* Assignment
Report the count of lines below that include "nodes", without any other text.

Data excerpts
- - -
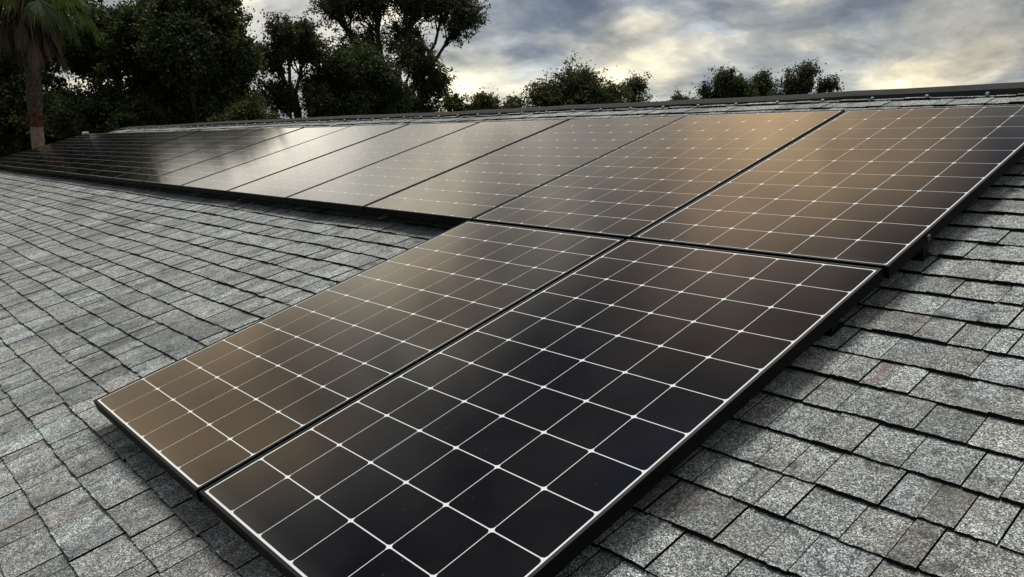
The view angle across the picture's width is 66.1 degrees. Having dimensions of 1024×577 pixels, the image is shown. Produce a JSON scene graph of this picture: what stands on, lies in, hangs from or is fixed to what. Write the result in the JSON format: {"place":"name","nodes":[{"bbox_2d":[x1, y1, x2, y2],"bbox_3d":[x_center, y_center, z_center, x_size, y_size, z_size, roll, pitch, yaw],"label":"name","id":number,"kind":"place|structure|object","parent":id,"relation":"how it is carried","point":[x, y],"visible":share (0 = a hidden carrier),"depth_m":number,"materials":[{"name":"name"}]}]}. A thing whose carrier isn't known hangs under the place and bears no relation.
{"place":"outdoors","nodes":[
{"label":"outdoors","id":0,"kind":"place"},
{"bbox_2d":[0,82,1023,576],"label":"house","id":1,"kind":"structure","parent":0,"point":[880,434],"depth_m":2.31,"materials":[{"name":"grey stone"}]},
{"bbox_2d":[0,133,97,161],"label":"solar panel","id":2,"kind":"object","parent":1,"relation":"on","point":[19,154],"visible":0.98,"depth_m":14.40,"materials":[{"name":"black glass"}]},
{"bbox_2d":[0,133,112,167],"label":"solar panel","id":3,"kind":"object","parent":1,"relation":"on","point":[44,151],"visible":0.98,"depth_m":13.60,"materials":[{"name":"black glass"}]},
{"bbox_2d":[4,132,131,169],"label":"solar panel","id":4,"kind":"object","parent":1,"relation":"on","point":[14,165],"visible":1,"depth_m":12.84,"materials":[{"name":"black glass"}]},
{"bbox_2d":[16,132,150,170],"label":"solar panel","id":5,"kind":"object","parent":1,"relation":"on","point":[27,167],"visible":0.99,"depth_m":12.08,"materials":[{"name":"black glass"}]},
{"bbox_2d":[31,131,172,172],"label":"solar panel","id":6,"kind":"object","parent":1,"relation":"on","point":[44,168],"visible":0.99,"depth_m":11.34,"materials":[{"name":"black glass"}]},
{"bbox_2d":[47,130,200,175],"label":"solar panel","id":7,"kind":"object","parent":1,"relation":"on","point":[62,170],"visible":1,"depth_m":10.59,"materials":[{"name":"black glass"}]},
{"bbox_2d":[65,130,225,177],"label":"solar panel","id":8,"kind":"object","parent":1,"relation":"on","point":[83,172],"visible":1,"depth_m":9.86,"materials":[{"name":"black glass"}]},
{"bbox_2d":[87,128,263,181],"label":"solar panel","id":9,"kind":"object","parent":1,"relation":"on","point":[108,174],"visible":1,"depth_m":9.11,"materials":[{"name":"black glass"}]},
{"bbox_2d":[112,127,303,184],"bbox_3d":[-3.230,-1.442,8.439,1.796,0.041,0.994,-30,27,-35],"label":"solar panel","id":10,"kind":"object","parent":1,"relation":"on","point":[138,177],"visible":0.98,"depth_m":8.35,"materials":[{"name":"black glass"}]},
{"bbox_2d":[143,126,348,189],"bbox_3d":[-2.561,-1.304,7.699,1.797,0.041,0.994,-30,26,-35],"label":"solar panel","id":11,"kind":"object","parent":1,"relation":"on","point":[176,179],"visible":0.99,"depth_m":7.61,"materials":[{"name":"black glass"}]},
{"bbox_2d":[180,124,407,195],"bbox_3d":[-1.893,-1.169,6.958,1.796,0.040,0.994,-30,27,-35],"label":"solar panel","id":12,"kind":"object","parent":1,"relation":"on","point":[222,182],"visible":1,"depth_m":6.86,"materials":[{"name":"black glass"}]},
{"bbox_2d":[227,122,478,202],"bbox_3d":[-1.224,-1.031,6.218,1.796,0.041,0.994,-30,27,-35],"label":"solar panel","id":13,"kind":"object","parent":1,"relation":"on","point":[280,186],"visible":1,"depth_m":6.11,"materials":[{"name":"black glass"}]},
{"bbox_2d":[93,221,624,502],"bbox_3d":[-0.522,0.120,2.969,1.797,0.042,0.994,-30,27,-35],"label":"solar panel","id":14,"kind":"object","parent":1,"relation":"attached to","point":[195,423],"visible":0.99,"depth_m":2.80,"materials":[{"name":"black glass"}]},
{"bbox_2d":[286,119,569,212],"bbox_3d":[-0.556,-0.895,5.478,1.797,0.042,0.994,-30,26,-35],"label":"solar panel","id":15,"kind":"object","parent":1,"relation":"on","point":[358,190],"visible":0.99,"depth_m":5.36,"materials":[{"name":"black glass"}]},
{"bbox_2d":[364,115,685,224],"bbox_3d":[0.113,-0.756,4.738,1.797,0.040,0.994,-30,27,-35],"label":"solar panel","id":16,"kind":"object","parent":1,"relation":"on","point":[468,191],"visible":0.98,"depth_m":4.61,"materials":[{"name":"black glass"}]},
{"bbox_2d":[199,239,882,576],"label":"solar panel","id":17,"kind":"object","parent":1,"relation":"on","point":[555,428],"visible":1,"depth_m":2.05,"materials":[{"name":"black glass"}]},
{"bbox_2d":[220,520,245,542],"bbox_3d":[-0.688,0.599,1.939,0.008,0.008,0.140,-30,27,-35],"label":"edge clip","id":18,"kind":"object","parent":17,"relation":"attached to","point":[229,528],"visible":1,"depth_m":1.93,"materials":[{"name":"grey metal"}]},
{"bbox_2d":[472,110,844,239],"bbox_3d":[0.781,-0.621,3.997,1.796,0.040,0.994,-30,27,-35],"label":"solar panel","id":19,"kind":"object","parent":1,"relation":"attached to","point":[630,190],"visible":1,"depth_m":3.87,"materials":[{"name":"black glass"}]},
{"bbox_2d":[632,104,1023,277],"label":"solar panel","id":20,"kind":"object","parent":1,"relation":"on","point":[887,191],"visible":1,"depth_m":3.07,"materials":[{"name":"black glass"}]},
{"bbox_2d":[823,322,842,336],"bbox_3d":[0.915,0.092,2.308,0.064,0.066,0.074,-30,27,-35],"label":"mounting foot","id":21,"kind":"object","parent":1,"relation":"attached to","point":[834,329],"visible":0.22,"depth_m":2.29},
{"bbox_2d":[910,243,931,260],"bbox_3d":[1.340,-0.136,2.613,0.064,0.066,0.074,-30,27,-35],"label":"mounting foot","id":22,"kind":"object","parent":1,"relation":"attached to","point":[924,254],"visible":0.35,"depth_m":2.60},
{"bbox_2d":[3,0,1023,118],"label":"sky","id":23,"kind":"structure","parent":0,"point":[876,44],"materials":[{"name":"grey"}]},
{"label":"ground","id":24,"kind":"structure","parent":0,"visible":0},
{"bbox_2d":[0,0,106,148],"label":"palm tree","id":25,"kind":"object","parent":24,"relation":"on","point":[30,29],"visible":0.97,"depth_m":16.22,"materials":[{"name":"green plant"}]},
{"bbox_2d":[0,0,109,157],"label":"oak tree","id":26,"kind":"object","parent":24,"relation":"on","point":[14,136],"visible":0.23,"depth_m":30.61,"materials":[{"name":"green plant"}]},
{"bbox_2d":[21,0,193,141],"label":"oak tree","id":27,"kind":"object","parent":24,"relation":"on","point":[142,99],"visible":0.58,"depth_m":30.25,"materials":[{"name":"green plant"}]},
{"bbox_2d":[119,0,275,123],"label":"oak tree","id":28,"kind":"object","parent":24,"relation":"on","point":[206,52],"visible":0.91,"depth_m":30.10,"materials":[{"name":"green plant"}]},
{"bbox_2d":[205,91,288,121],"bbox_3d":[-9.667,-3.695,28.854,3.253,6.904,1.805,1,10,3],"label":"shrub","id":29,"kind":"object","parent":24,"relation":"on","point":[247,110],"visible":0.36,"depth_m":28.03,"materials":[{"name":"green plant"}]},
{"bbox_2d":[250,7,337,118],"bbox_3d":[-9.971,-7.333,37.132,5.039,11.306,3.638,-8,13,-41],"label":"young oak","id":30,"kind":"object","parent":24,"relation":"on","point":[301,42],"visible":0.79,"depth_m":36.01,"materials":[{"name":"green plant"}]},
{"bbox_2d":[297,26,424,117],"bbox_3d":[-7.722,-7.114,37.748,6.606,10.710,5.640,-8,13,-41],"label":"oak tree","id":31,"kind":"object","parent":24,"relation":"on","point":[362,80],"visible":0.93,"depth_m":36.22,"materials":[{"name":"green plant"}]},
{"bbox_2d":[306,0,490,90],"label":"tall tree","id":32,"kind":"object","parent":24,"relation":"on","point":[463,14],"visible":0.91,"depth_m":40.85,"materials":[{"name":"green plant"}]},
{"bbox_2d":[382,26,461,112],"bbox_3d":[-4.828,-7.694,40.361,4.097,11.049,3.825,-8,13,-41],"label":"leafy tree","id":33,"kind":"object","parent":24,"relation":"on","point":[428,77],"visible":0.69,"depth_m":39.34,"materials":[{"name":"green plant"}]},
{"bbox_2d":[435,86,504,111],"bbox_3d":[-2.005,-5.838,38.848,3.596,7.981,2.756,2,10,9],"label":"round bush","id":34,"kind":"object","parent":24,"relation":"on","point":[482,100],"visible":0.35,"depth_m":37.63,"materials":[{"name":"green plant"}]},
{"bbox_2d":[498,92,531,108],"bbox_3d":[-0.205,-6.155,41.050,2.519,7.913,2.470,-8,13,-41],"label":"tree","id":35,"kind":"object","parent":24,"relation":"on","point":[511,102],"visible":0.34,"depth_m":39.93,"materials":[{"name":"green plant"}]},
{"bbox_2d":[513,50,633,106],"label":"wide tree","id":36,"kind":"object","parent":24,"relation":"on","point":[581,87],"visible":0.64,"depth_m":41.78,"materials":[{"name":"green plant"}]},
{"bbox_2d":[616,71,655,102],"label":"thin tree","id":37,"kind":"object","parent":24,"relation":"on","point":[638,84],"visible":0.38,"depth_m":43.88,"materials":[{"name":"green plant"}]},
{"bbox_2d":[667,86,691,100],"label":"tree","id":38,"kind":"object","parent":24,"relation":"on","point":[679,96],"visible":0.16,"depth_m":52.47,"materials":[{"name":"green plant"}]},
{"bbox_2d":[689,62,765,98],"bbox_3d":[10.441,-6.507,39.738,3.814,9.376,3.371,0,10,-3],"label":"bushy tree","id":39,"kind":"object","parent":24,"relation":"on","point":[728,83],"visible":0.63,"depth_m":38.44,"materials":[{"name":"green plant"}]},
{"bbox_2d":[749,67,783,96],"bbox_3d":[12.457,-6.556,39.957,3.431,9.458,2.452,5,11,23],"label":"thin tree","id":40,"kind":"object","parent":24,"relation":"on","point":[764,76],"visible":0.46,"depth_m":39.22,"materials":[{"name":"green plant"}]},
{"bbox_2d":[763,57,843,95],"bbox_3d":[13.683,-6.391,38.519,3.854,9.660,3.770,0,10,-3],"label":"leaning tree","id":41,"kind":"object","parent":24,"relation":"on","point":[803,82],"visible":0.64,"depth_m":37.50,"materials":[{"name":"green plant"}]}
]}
- - -
* Worked solution
2